Thread: Functions

Determine which of the following functions $\displaystyle f_i: \mathbb{R} \to \mathbb{R} $ are injective, surjective, and bijective. If they are bijections write down their inverses.

(i) $\displaystyle f_{1}(x) = x-1 $ is a bijection (inverse function is $\displaystyle y = x+1 $)

(ii) $\displaystyle f_{2}(x) = x^3 $ is a bijection (inverse is $\displaystyle y = \sqrt [3]{x} $)

(iii) $\displaystyle f_{3}(x) = x^{3}-x $ is not injective, but is surjective.

(iv) $\displaystyle f_{4}(x) = x^{3}-3x^{2}+3x-1 $ is not bijective.

(v) $\displaystyle f_{5}(x) = e^{x} $ is bijective (inverse is $\displaystyle y = \ln x $)

(vi) $\displaystyle f_{6}(x) = \begin{cases} x^{2}\ \text{if}\ x \geq 0 \\ -x^{2}\ \text{if}\ x \leq 0 \end{cases} $ is bijective (inverse is same conditions with function as $\displaystyle \sqrt{x} $ and $\displaystyle -\sqrt{x} $)

Thanks

Originally Posted by shilz222

Determine which of the following functions $\displaystyle {\color{red} f_i: \mathbb{R} \to \mathbb{R}} $ are injective, surjective, and bijective. If they are bijections write down their inverses.
(v) $\displaystyle f_{5}(x) = e^{x} $ is bijective (inverse is $\displaystyle y = \ln x $)

You do know that $\displaystyle e^x > 0$? Can that be onto?

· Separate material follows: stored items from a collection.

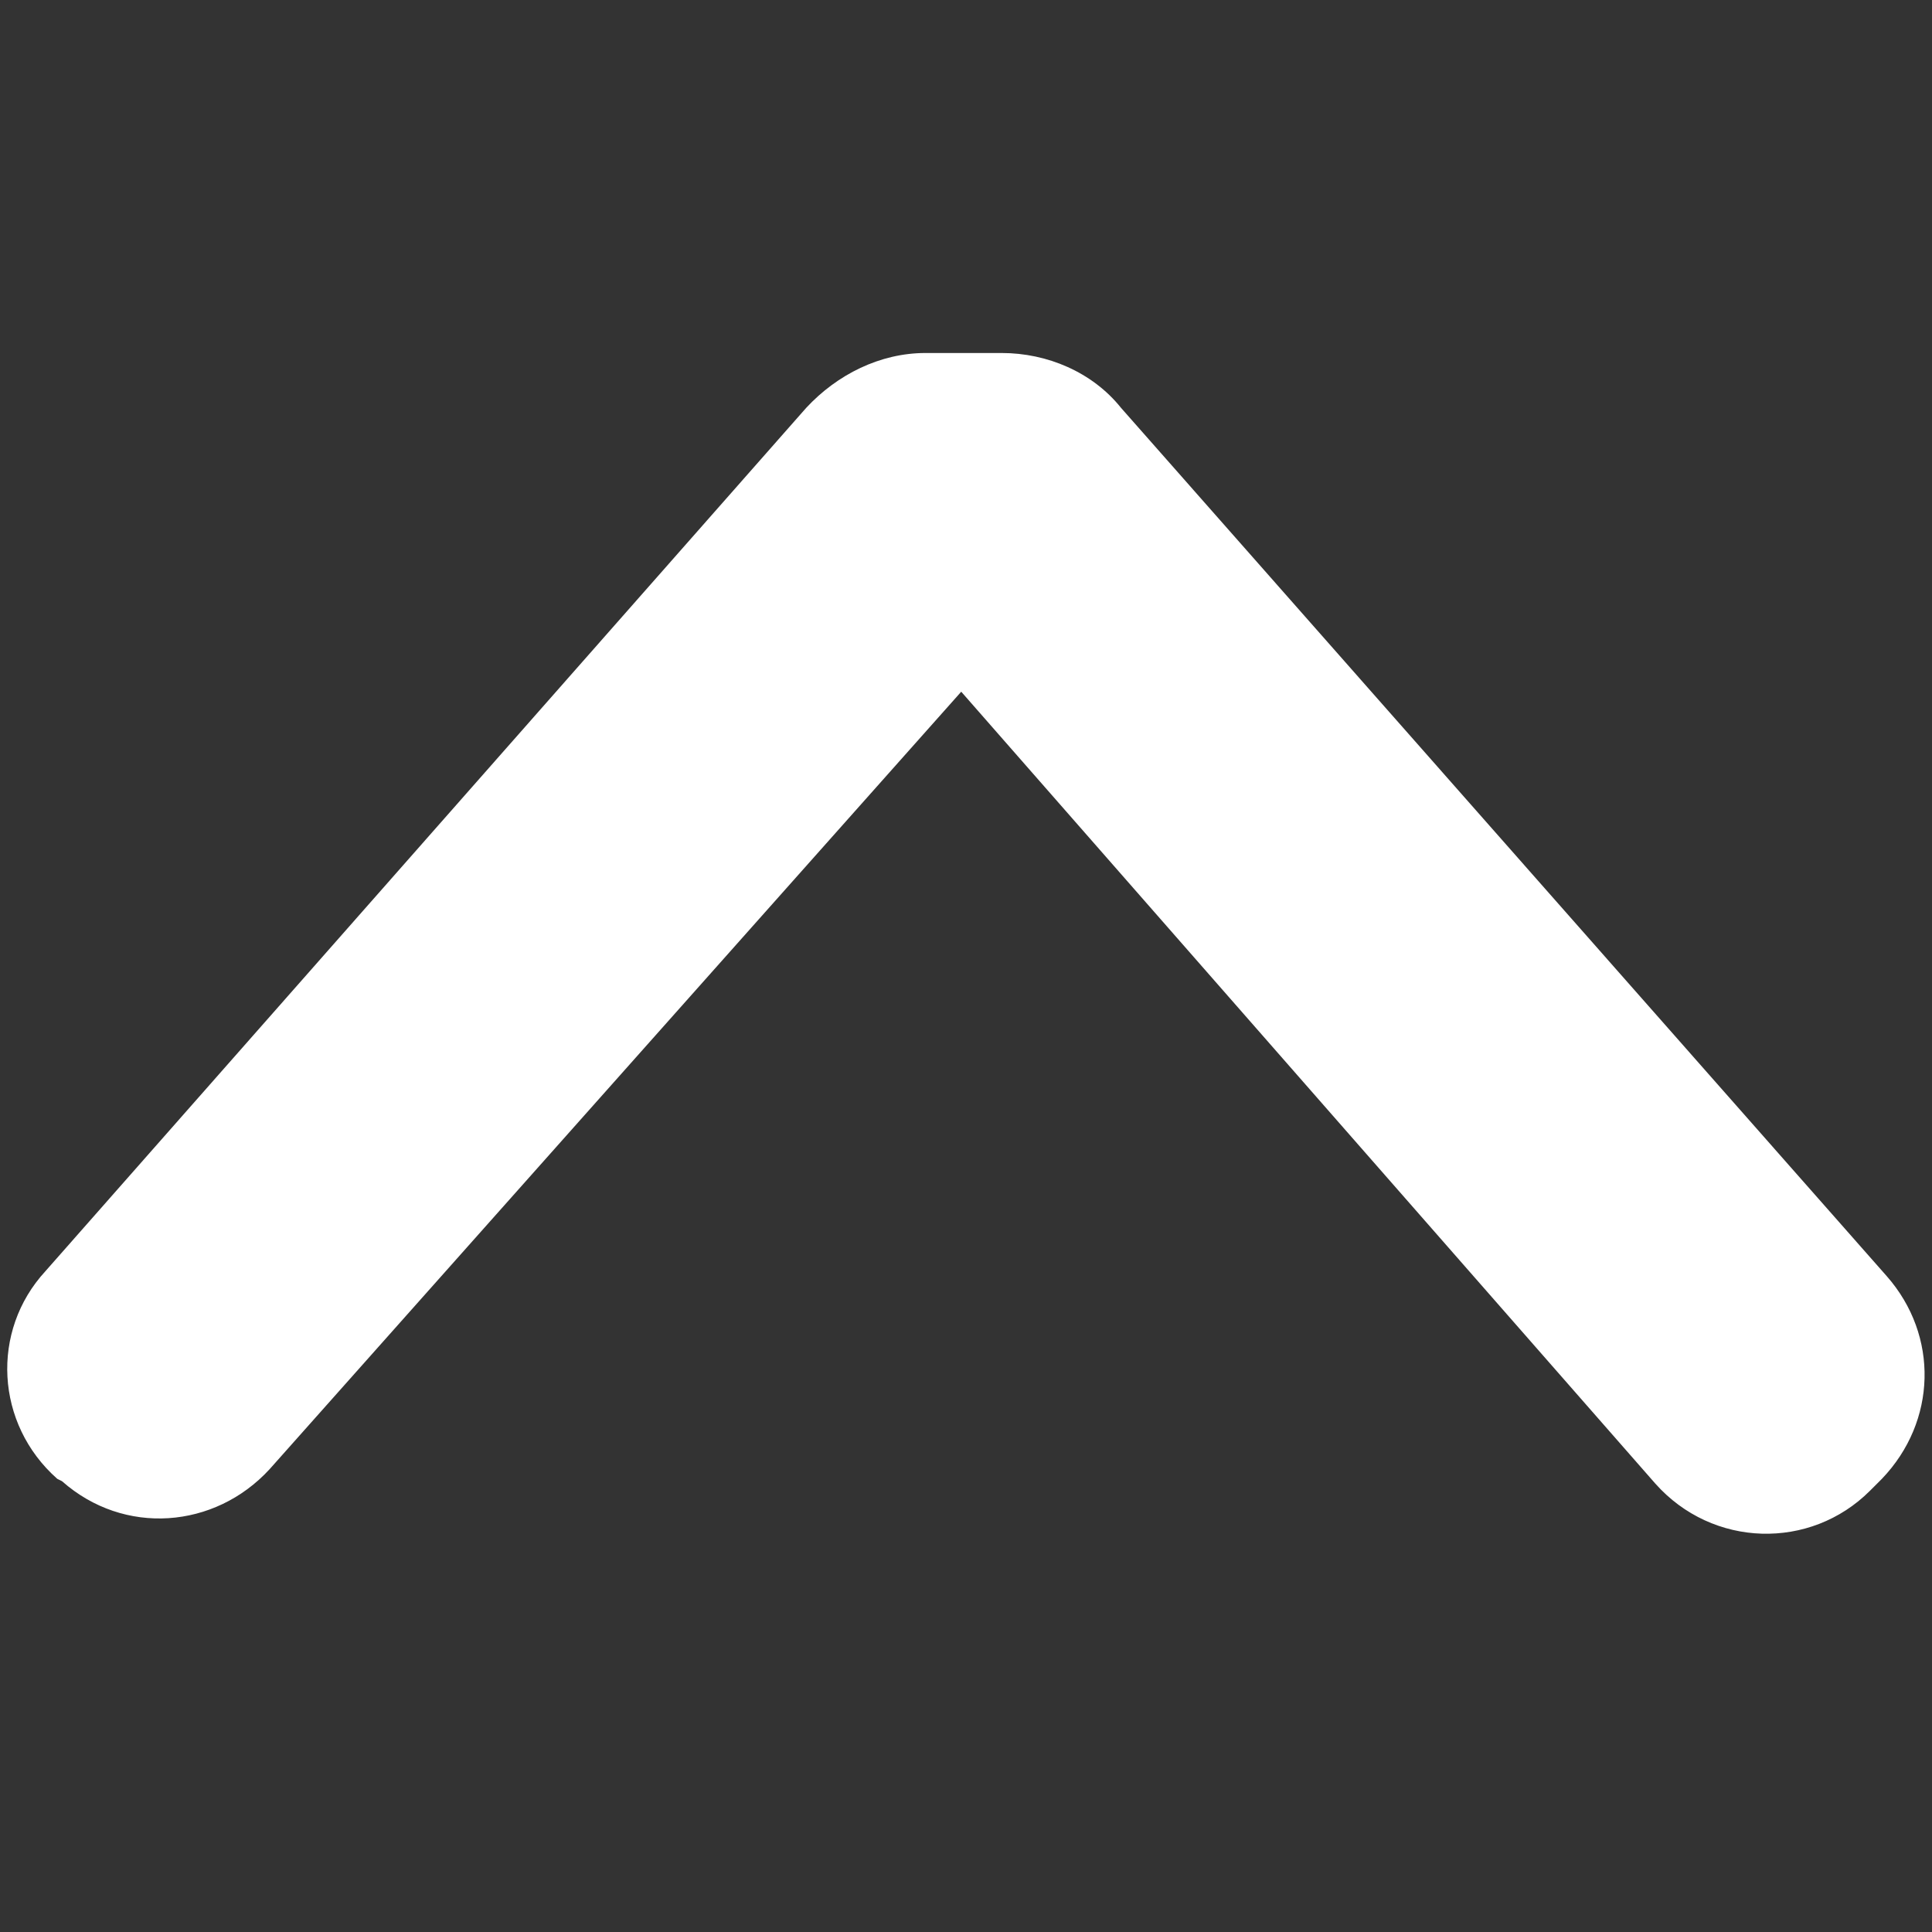 <?xml version="1.0" encoding="utf-8"?>
<!-- Generator: Adobe Illustrator 21.1.0, SVG Export Plug-In . SVG Version: 6.00 Build 0)  -->
<svg version="1.1" id="Layer_1" xmlns="http://www.w3.org/2000/svg" xmlns:xlink="http://www.w3.org/1999/xlink" x="0px" y="0px"
	 viewBox="0 0 81 81" style="enable-background:new 0 0 81 81;" xml:space="preserve">
<rect x="0" y="0" width="81" height="81" fill="#333333" stroke="none"/>
<style type="text/css">
	.st0{fill:#FFFFFF;}
</style>
<path class="st0" d="M78.9,62l-0.5,0.5c-2.5,2.5-6.6,2.4-9-0.3L40.3,29l-29,32.6c-2.3,2.5-6.1,2.8-8.7,0.5L2.4,62
	c-2.6-2.3-2.8-6.2-0.5-8.7l31.9-36.2c1.3-1.4,3.1-2.3,5-2.3H42c1.9,0,3.8,0.8,5,2.3l32.1,36.4C81.3,56,81.2,59.6,78.9,62z"/>
</svg>

arrgh, idiot I am. It would have an inverse if it was defined on $\displaystyle R \to R^{+} $ right?

are the others correct?

Originally Posted by shilz222

Determine which of the following functions $\displaystyle f_i: \mathbb{R} \to \mathbb{R} $ are injective, surjective, and bijective. If they are bijections write down their inverses.
(iv) $\displaystyle f_{4}(x) = x^{3}-3x^{2}+3x-1 $ is not bijective.

Ignoring any polynomial math that you ought to recognize, have you looked at the graph of this function? It looks to me like it has an inverse...

-Dan

Originally Posted by shilz222

arrgh, idiot I am. It would have an inverse if it was defined on $\displaystyle R \to R^{+} $ right?

Yes!

How would you find its inverse?

Originally Posted by shilz222

How would you find its inverse?

You did above: $\displaystyle y=\ln (x)$.

the one Topsquark was talking about (the graph). Can you find the inverse easily?

Originally Posted by shilz222

the one Topsquark was talking about (the graph). Can you find the inverse easily?

Cannot be done easily.

Originally Posted by Plato

Cannot be done easily.

I beg to differ.

$\displaystyle f(x) = x^3 - 3x^2 + 3x - 1 = (x - 1)^3$

So the inverse function is
$\displaystyle f^{-1}(x) = \sqrt[3]{x} + 1$

There are no great difficulties here.

-Dan

I really missed that one.
I had in mind a general qubic that is one-to-one.